*WHAT THE TASK REQUIRES*: I need the entries printed again word for word, without the images.

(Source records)
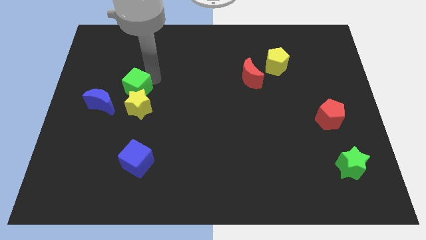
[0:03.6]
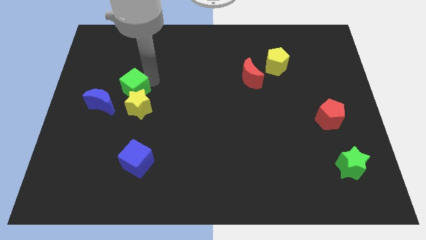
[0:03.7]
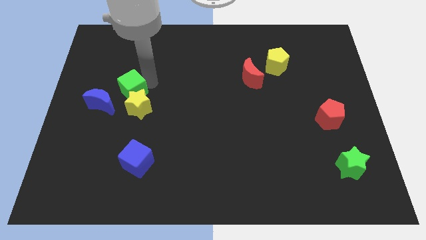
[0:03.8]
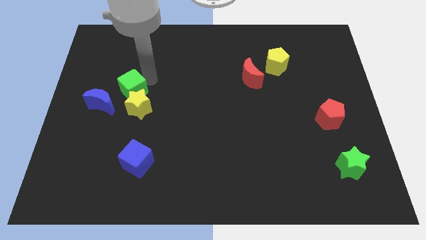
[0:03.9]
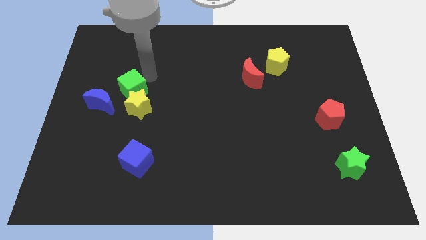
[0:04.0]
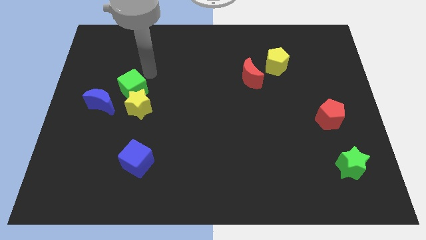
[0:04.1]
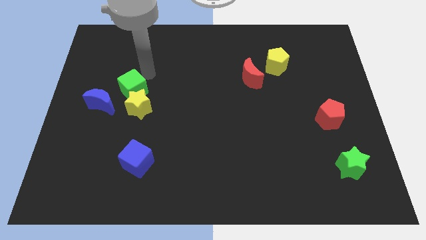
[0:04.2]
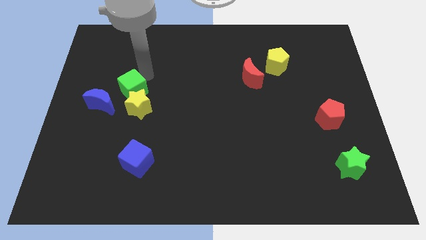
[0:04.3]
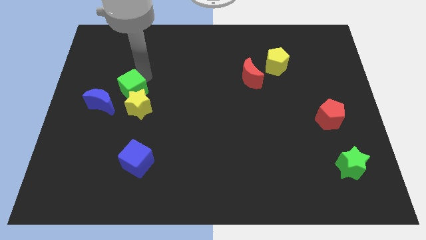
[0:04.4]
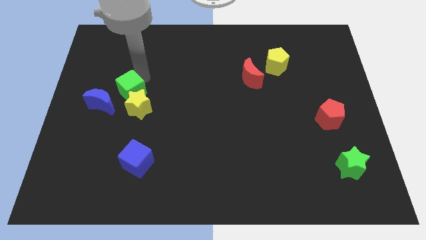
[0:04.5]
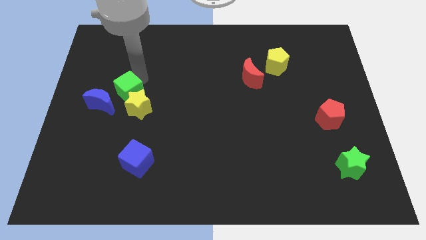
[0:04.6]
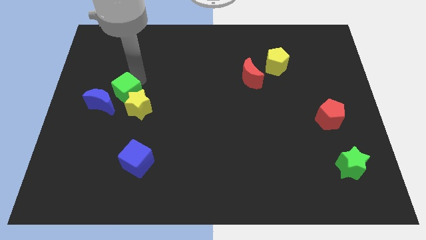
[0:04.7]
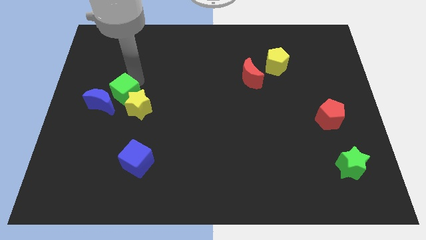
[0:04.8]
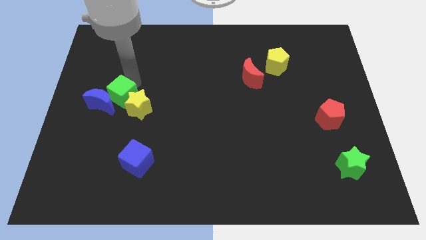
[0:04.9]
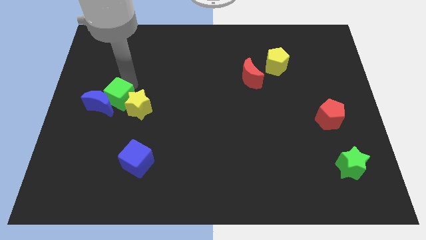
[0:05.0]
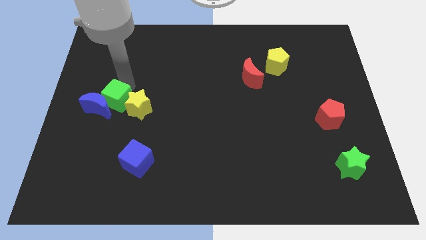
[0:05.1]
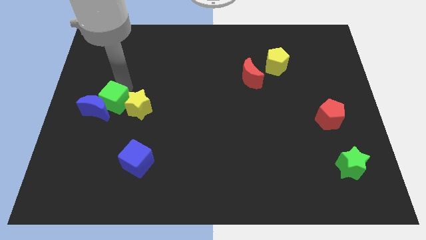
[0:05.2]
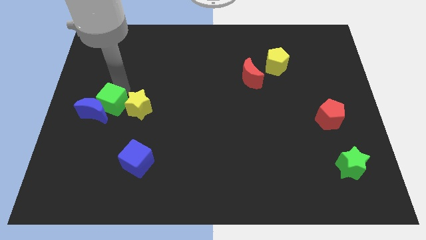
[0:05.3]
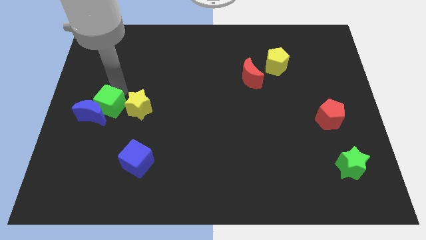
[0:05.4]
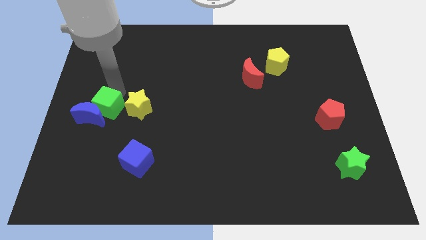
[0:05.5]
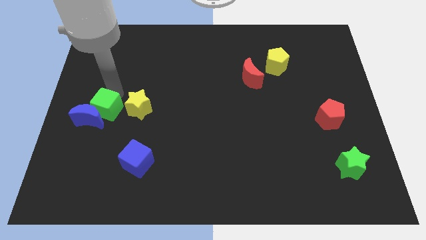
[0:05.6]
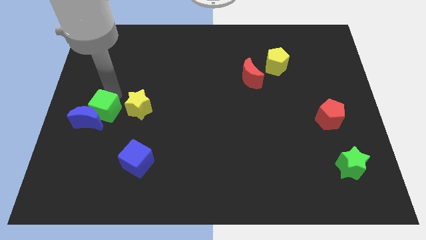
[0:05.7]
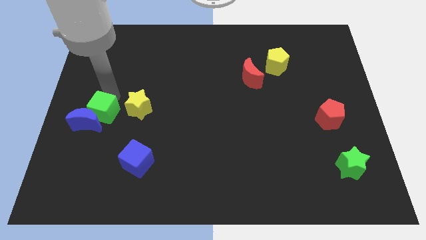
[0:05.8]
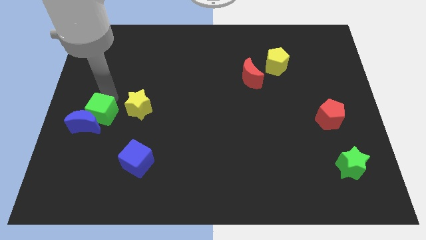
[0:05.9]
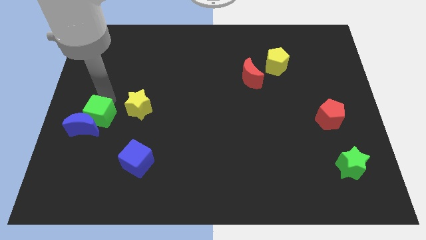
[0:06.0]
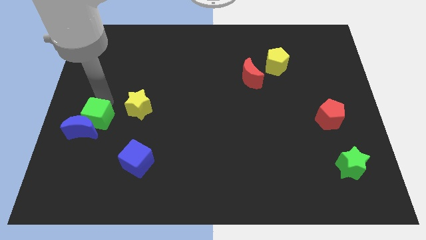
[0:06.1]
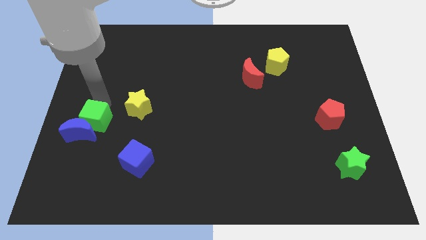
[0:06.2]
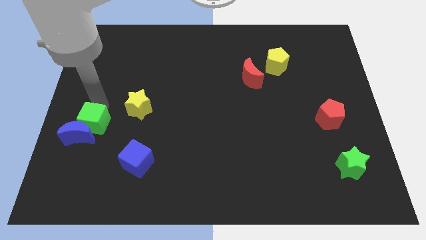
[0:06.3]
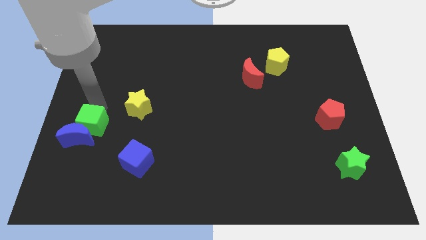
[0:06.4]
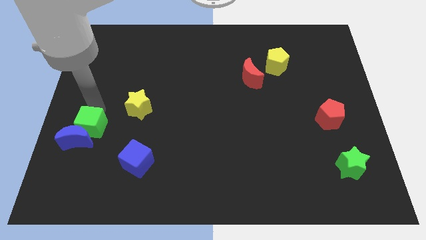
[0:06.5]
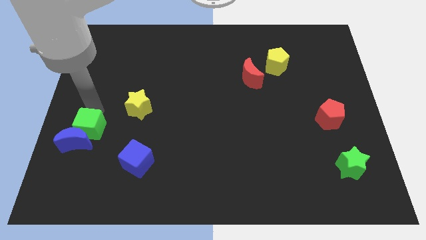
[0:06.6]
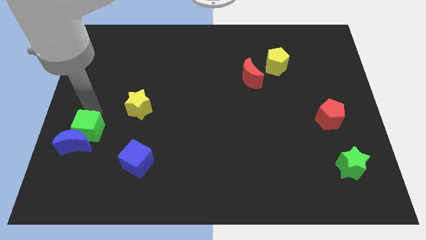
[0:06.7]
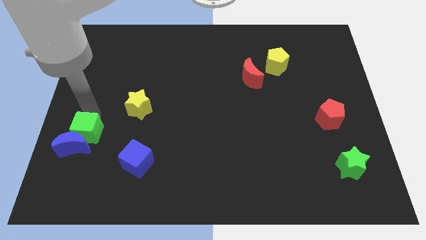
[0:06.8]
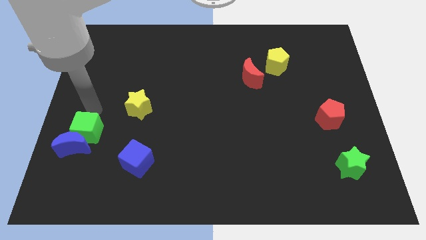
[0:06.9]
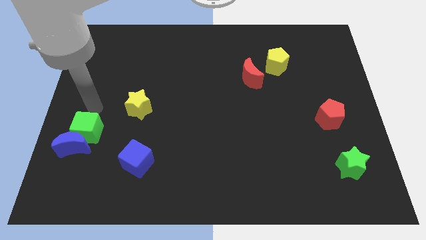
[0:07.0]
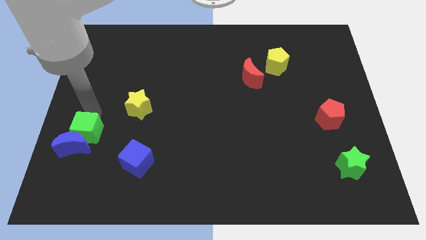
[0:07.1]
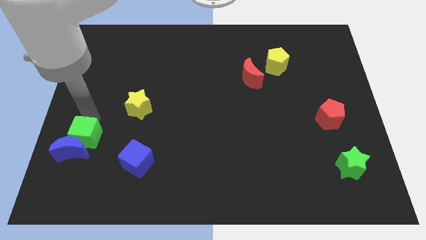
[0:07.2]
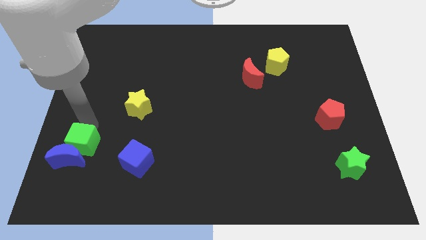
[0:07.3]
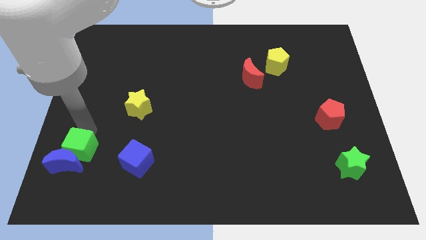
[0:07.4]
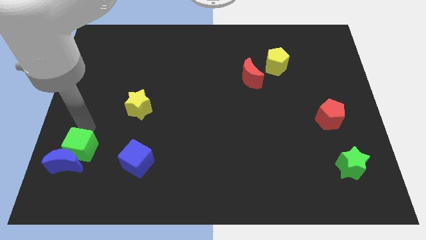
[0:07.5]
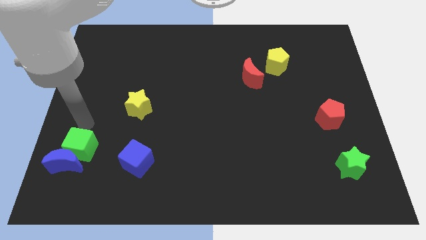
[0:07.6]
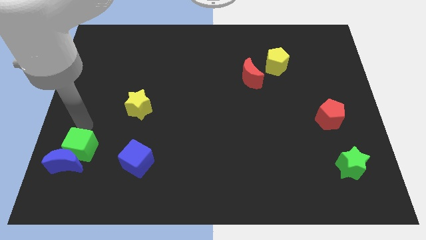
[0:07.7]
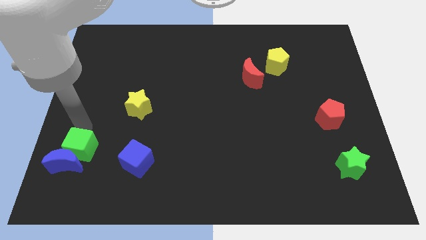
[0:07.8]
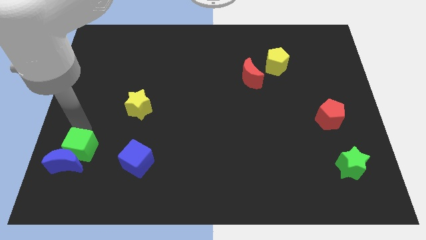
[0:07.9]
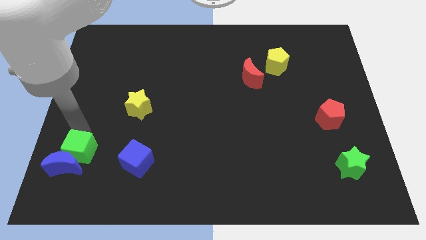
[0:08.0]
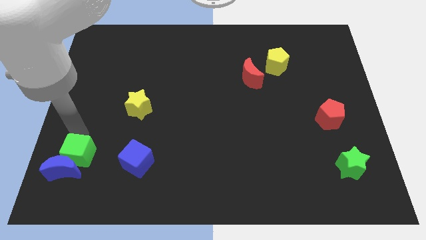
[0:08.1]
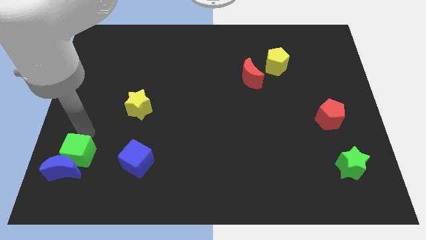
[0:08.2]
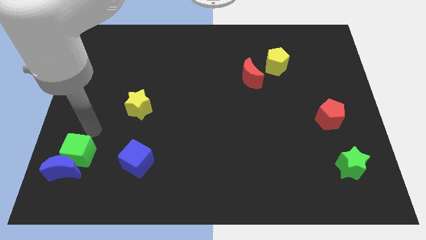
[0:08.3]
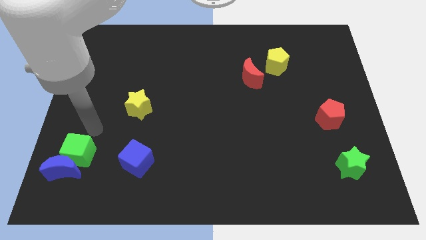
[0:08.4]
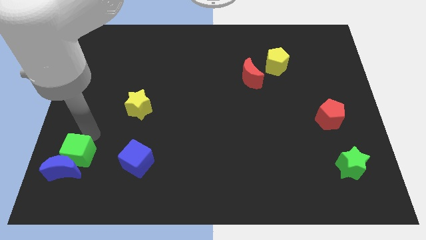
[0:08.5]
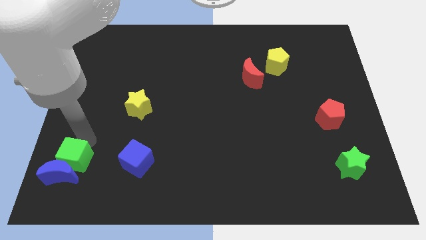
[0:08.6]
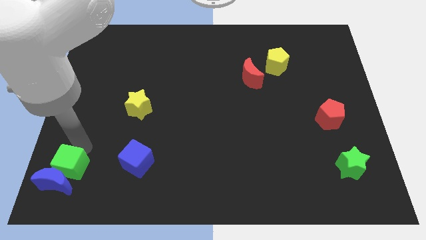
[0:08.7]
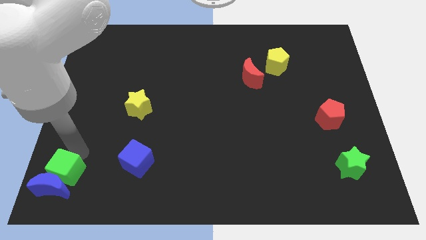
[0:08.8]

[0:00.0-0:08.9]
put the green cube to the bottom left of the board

*EXPECTED OUTPUT*:
[0:03.6]
[0:03.7]
[0:03.8]
[0:03.9]
[0:04.0]
[0:04.1]
[0:04.2]
[0:04.3]
[0:04.4]
[0:04.5]
[0:04.6]
[0:04.7]
[0:04.8]
[0:04.9]
[0:05.0]
[0:05.1]
[0:05.2]
[0:05.3]
[0:05.4]
[0:05.5]
[0:05.6]
[0:05.7]
[0:05.8]
[0:05.9]
[0:06.0]
[0:06.1]
[0:06.2]
[0:06.3]
[0:06.4]
[0:06.5]
[0:06.6]
[0:06.7]
[0:06.8]
[0:06.9]
[0:07.0]
[0:07.1]
[0:07.2]
[0:07.3]
[0:07.4]
[0:07.5]
[0:07.6]
[0:07.7]
[0:07.8]
[0:07.9]
[0:08.0]
[0:08.1]
[0:08.2]
[0:08.3]
[0:08.4]
[0:08.5]
[0:08.6]
[0:08.7]
[0:08.8]

[0:00.0-0:08.9]
put the green cube to the bottom left of the board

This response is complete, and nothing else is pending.